**EXERCISE INSTRUCTIONS:** Keep the pictures out and restate every record exactly.

(SUPPLIED INFORMATION Opens)

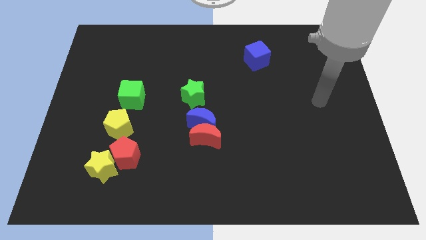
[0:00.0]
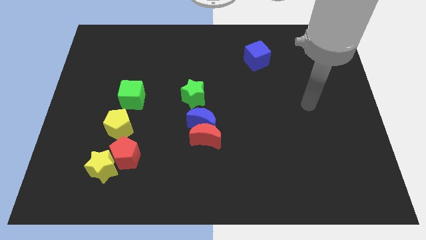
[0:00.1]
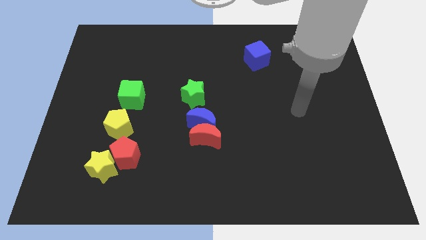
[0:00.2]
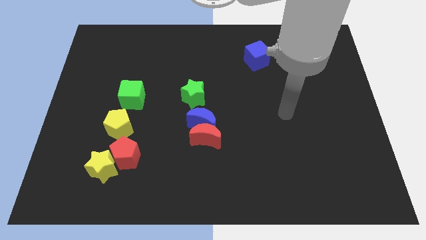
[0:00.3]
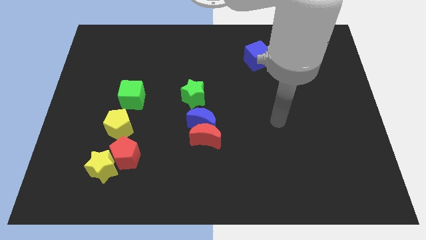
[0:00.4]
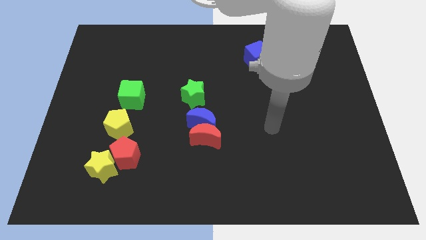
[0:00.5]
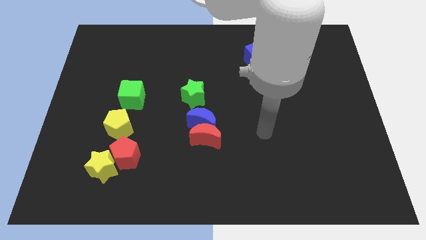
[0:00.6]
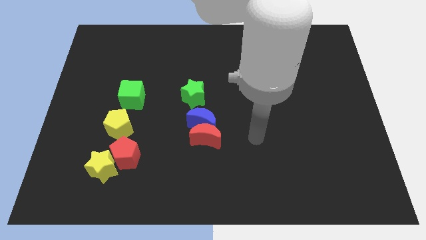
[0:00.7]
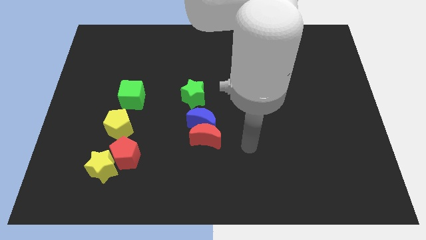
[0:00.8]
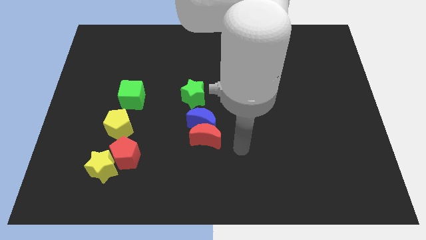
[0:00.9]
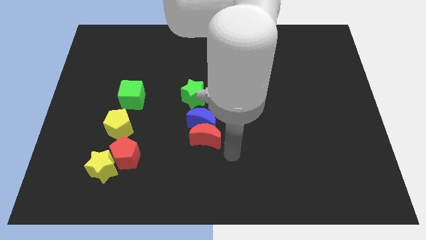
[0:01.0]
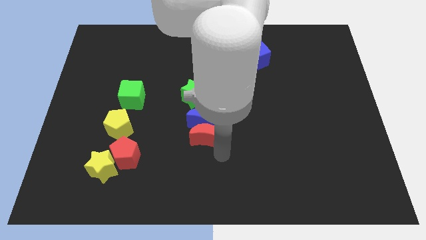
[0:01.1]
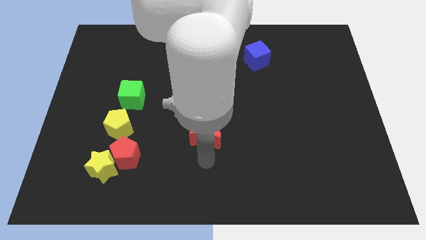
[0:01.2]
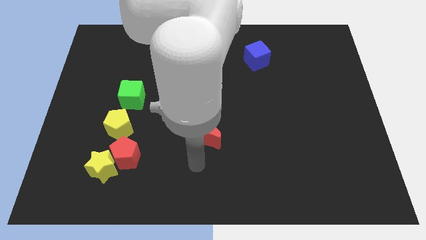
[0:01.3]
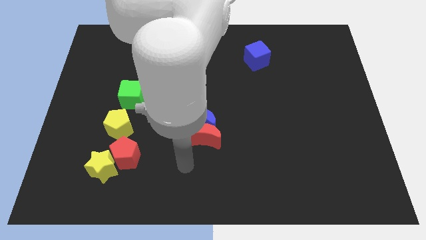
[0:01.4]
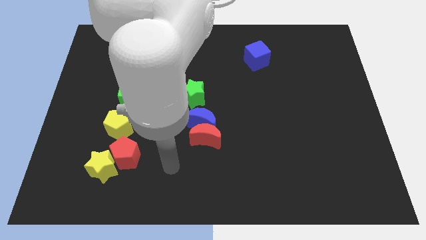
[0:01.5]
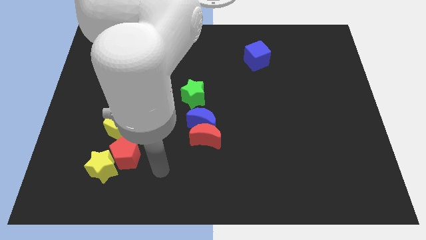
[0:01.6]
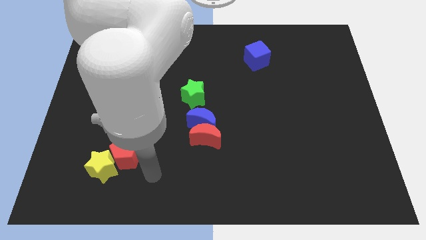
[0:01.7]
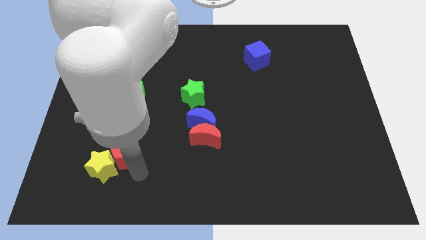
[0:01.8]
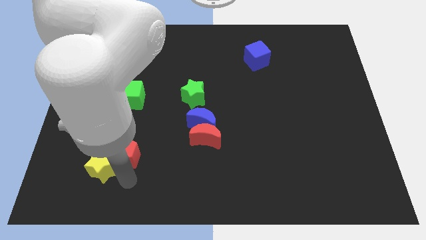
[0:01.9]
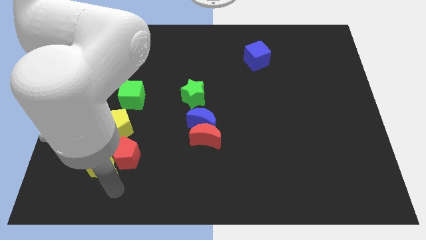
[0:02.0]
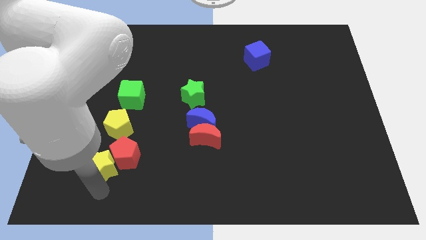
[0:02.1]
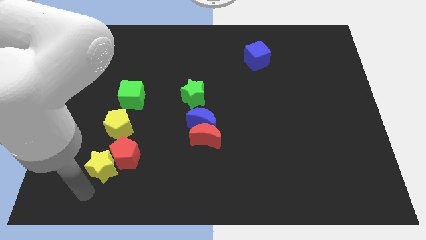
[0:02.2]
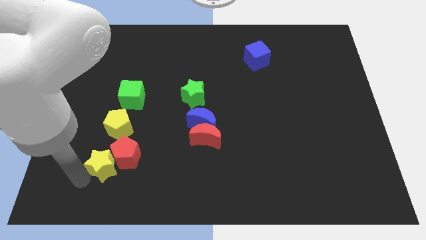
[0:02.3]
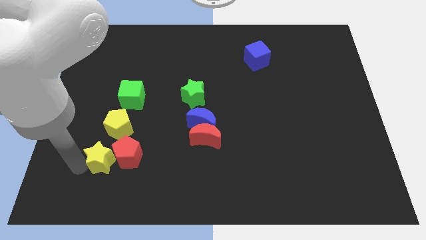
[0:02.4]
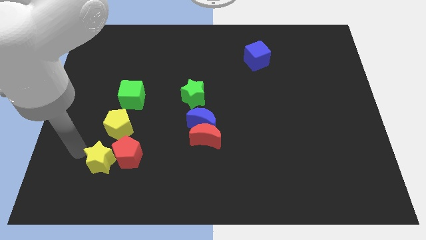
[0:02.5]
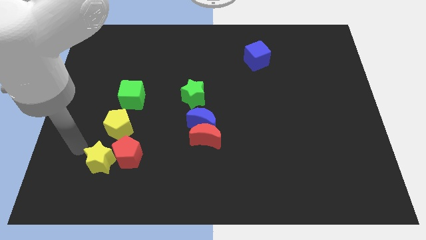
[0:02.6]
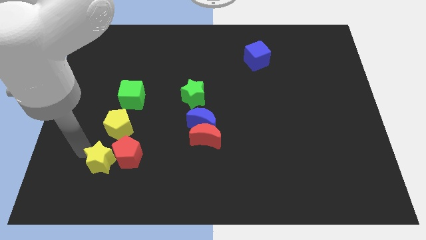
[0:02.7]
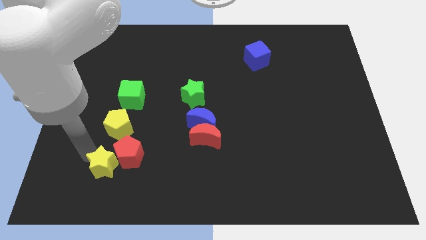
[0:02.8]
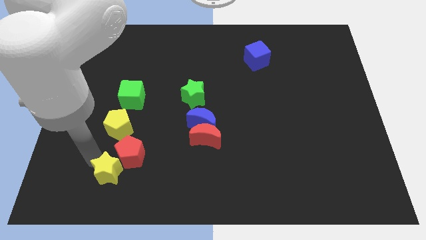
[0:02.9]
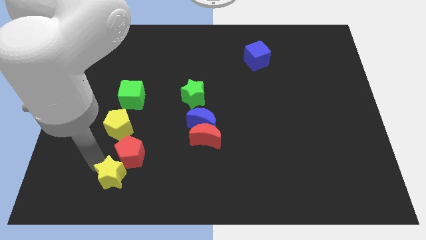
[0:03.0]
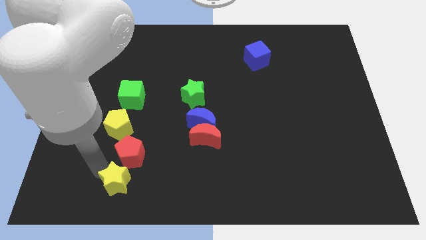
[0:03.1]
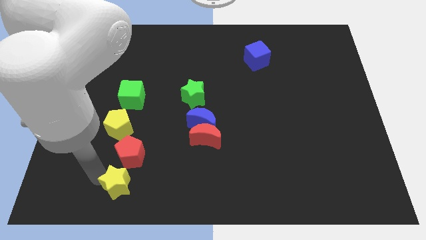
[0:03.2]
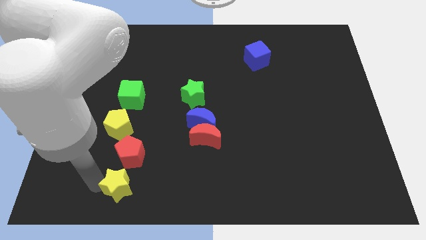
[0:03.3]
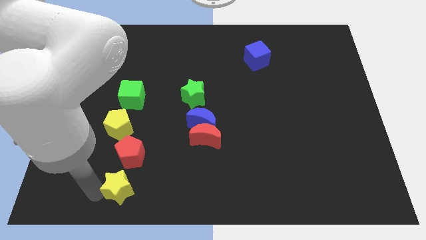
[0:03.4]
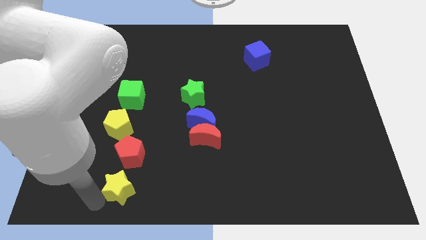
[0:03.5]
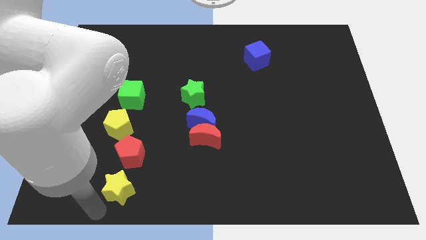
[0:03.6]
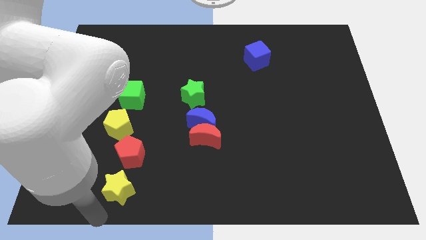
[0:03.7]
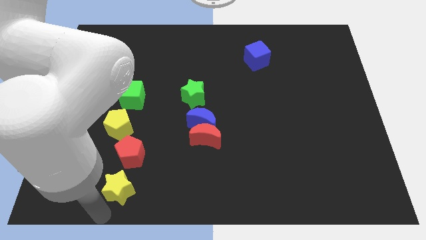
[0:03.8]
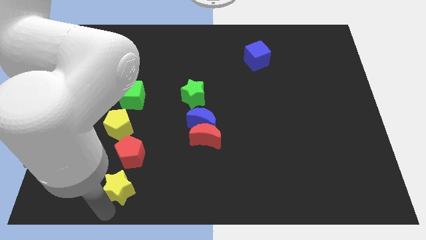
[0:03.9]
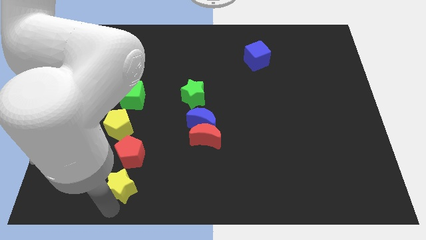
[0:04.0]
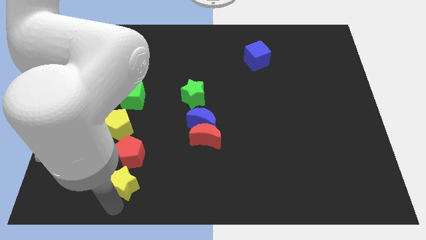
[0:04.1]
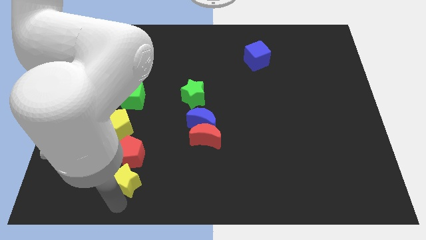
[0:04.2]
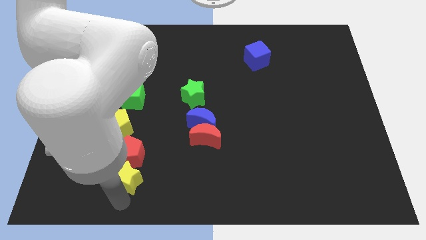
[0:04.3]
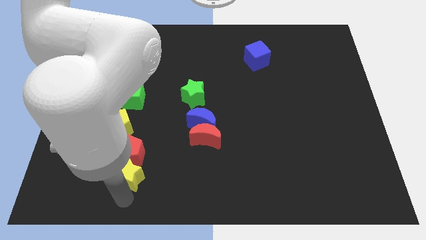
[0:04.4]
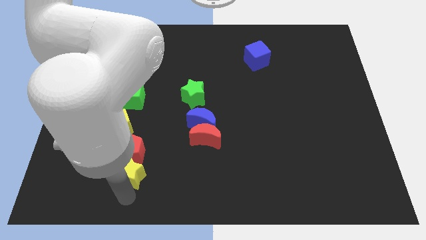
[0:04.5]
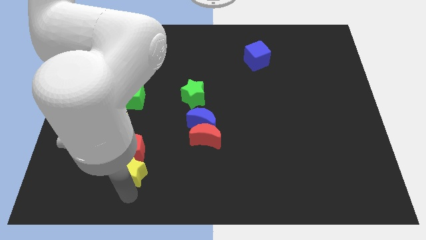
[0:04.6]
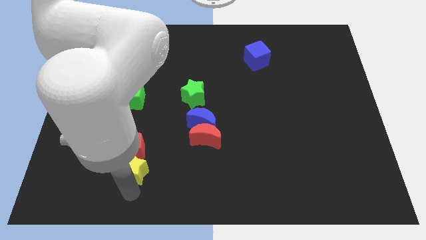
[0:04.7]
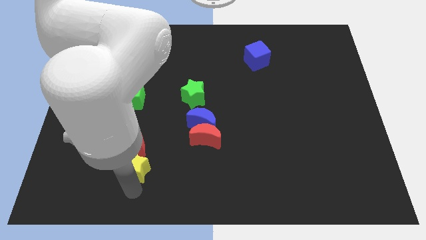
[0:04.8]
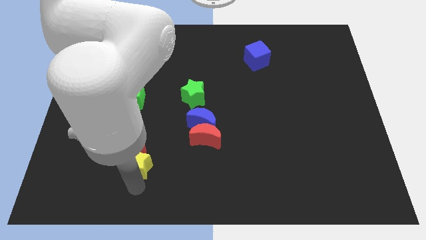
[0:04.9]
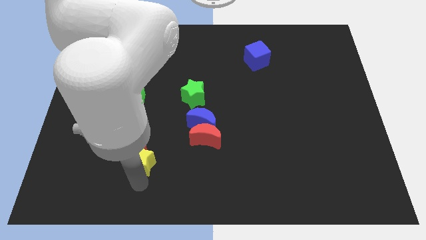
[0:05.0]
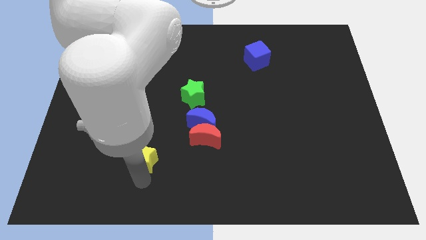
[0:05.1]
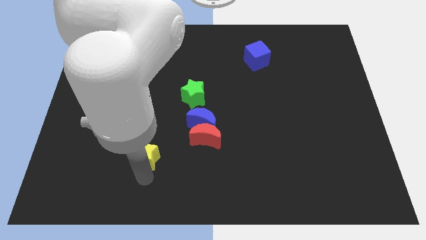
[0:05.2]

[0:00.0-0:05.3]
push the yellow star slightly up and then to the right

(SUPPLIED INFORMATION Closes)

**RESPONSE TO THIS TASK:**
[0:00.0]
[0:00.1]
[0:00.2]
[0:00.3]
[0:00.4]
[0:00.5]
[0:00.6]
[0:00.7]
[0:00.8]
[0:00.9]
[0:01.0]
[0:01.1]
[0:01.2]
[0:01.3]
[0:01.4]
[0:01.5]
[0:01.6]
[0:01.7]
[0:01.8]
[0:01.9]
[0:02.0]
[0:02.1]
[0:02.2]
[0:02.3]
[0:02.4]
[0:02.5]
[0:02.6]
[0:02.7]
[0:02.8]
[0:02.9]
[0:03.0]
[0:03.1]
[0:03.2]
[0:03.3]
[0:03.4]
[0:03.5]
[0:03.6]
[0:03.7]
[0:03.8]
[0:03.9]
[0:04.0]
[0:04.1]
[0:04.2]
[0:04.3]
[0:04.4]
[0:04.5]
[0:04.6]
[0:04.7]
[0:04.8]
[0:04.9]
[0:05.0]
[0:05.1]
[0:05.2]

[0:00.0-0:05.3]
push the yellow star slightly up and then to the right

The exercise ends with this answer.